Retype each record exactly; no pictures.

═════ MATERIAL TO PROCESS

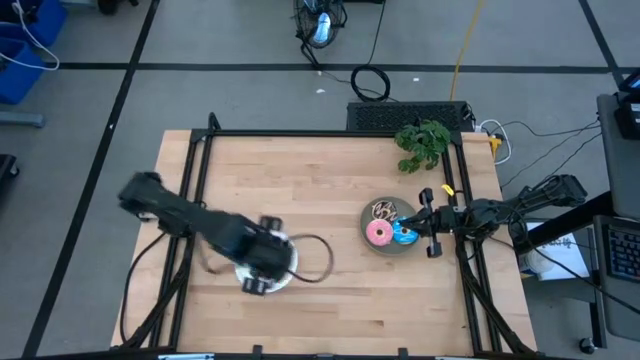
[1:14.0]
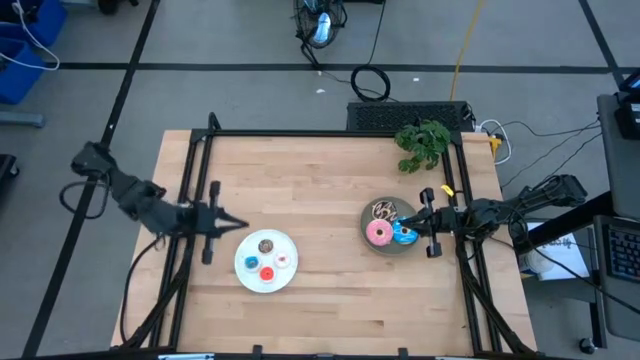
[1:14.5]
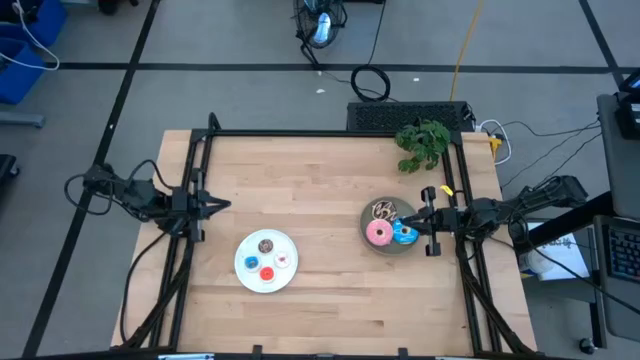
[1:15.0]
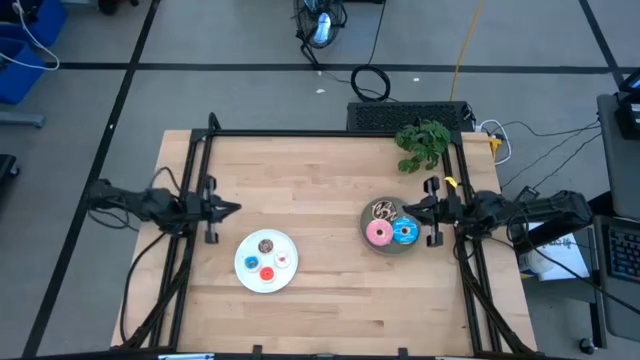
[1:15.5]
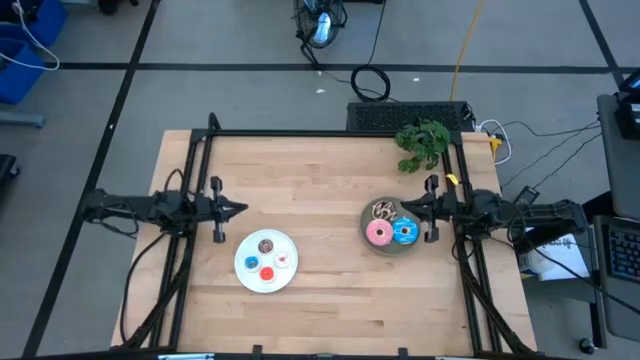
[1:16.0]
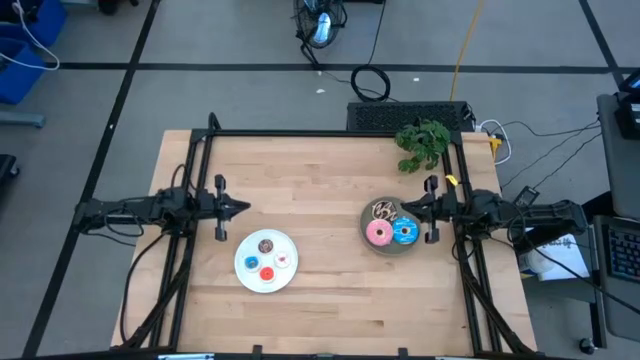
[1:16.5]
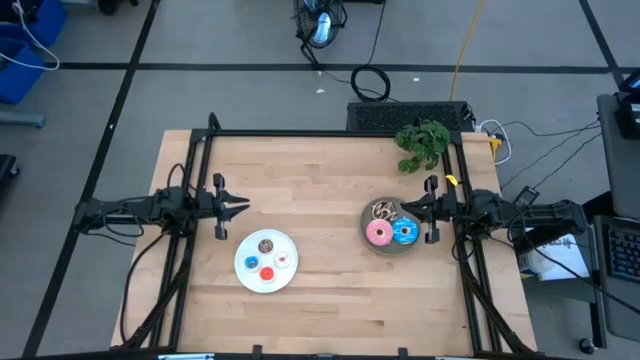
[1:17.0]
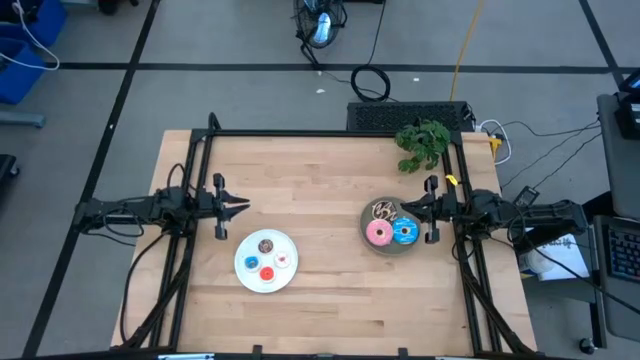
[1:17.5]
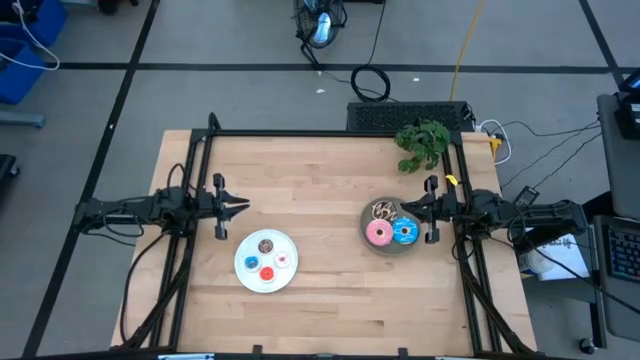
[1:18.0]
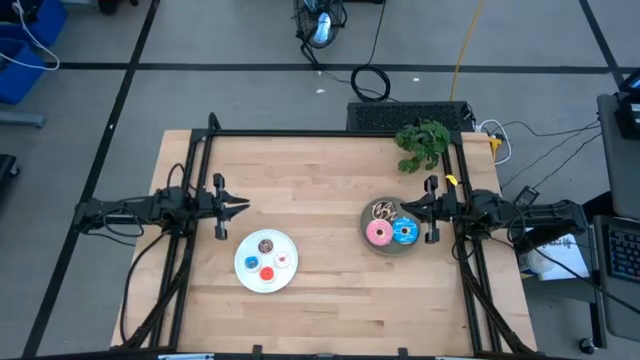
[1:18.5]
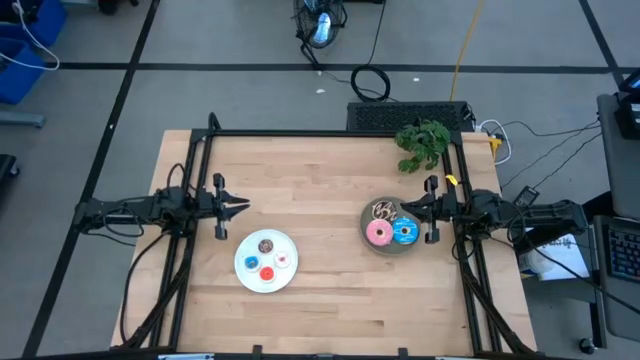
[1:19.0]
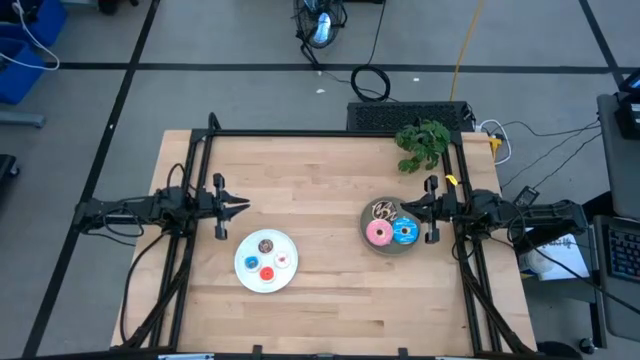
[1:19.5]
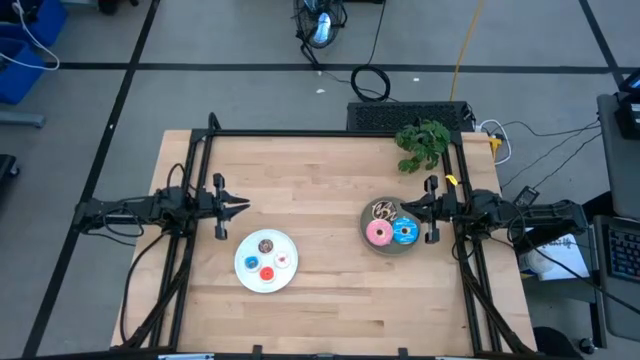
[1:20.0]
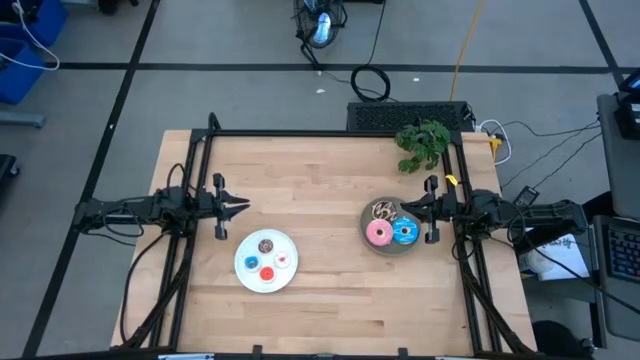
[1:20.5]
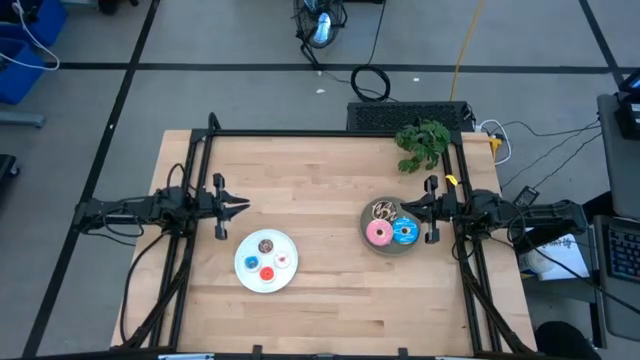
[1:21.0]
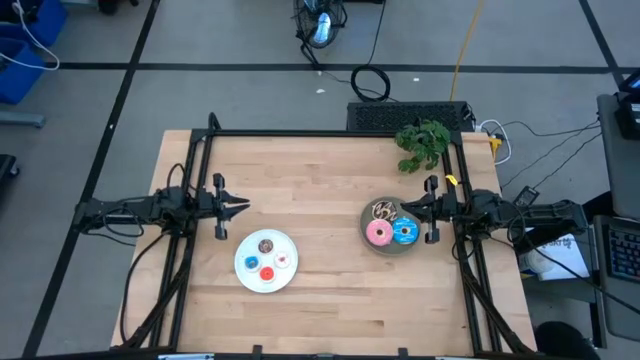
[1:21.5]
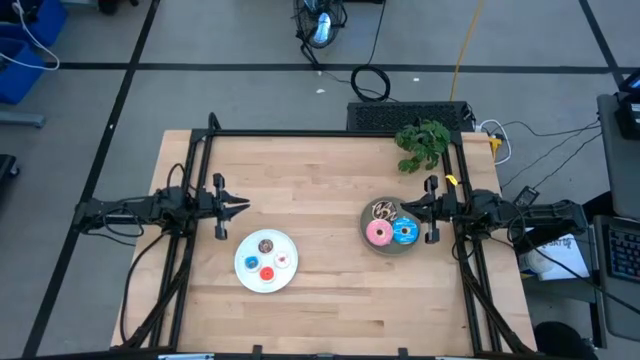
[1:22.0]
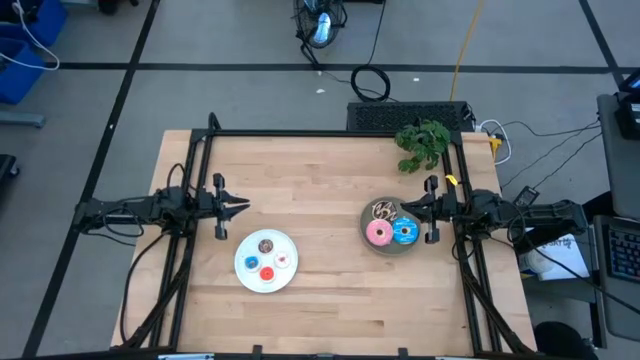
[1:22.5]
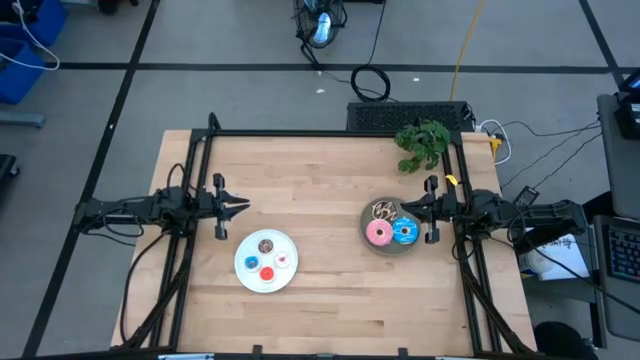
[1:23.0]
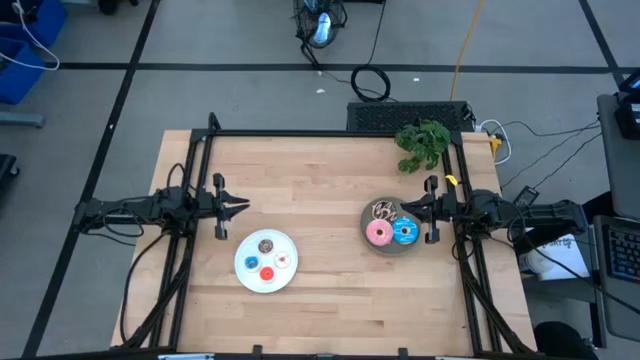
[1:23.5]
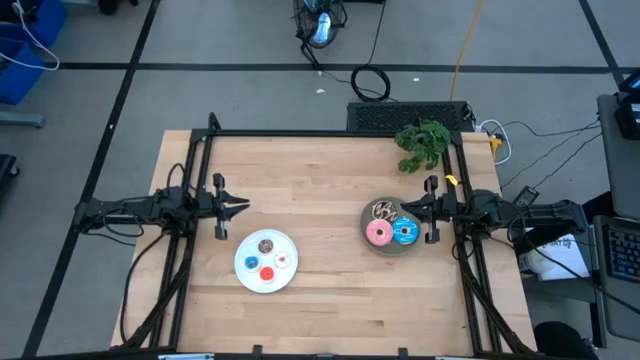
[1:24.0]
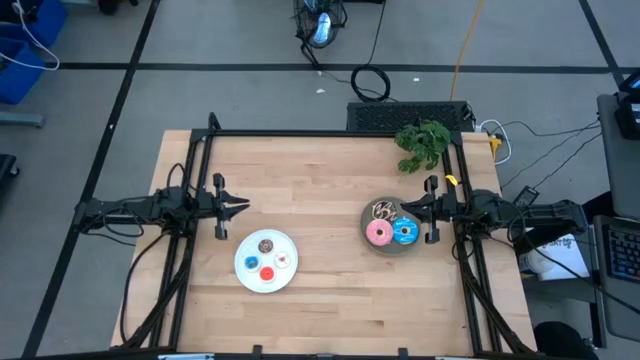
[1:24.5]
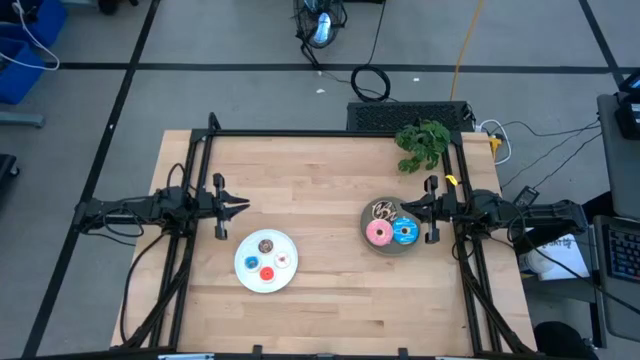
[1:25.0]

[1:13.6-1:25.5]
Task: Pick & Place donuts
Return to Home Position

══════════

TASK SOLUTION -
[1:14.0]
[1:14.5]
[1:15.0]
[1:15.5]
[1:16.0]
[1:16.5]
[1:17.0]
[1:17.5]
[1:18.0]
[1:18.5]
[1:19.0]
[1:19.5]
[1:20.0]
[1:20.5]
[1:21.0]
[1:21.5]
[1:22.0]
[1:22.5]
[1:23.0]
[1:23.5]
[1:24.0]
[1:24.5]
[1:25.0]

[1:13.6-1:25.5]
Task: Pick & Place donuts
Return to Home Position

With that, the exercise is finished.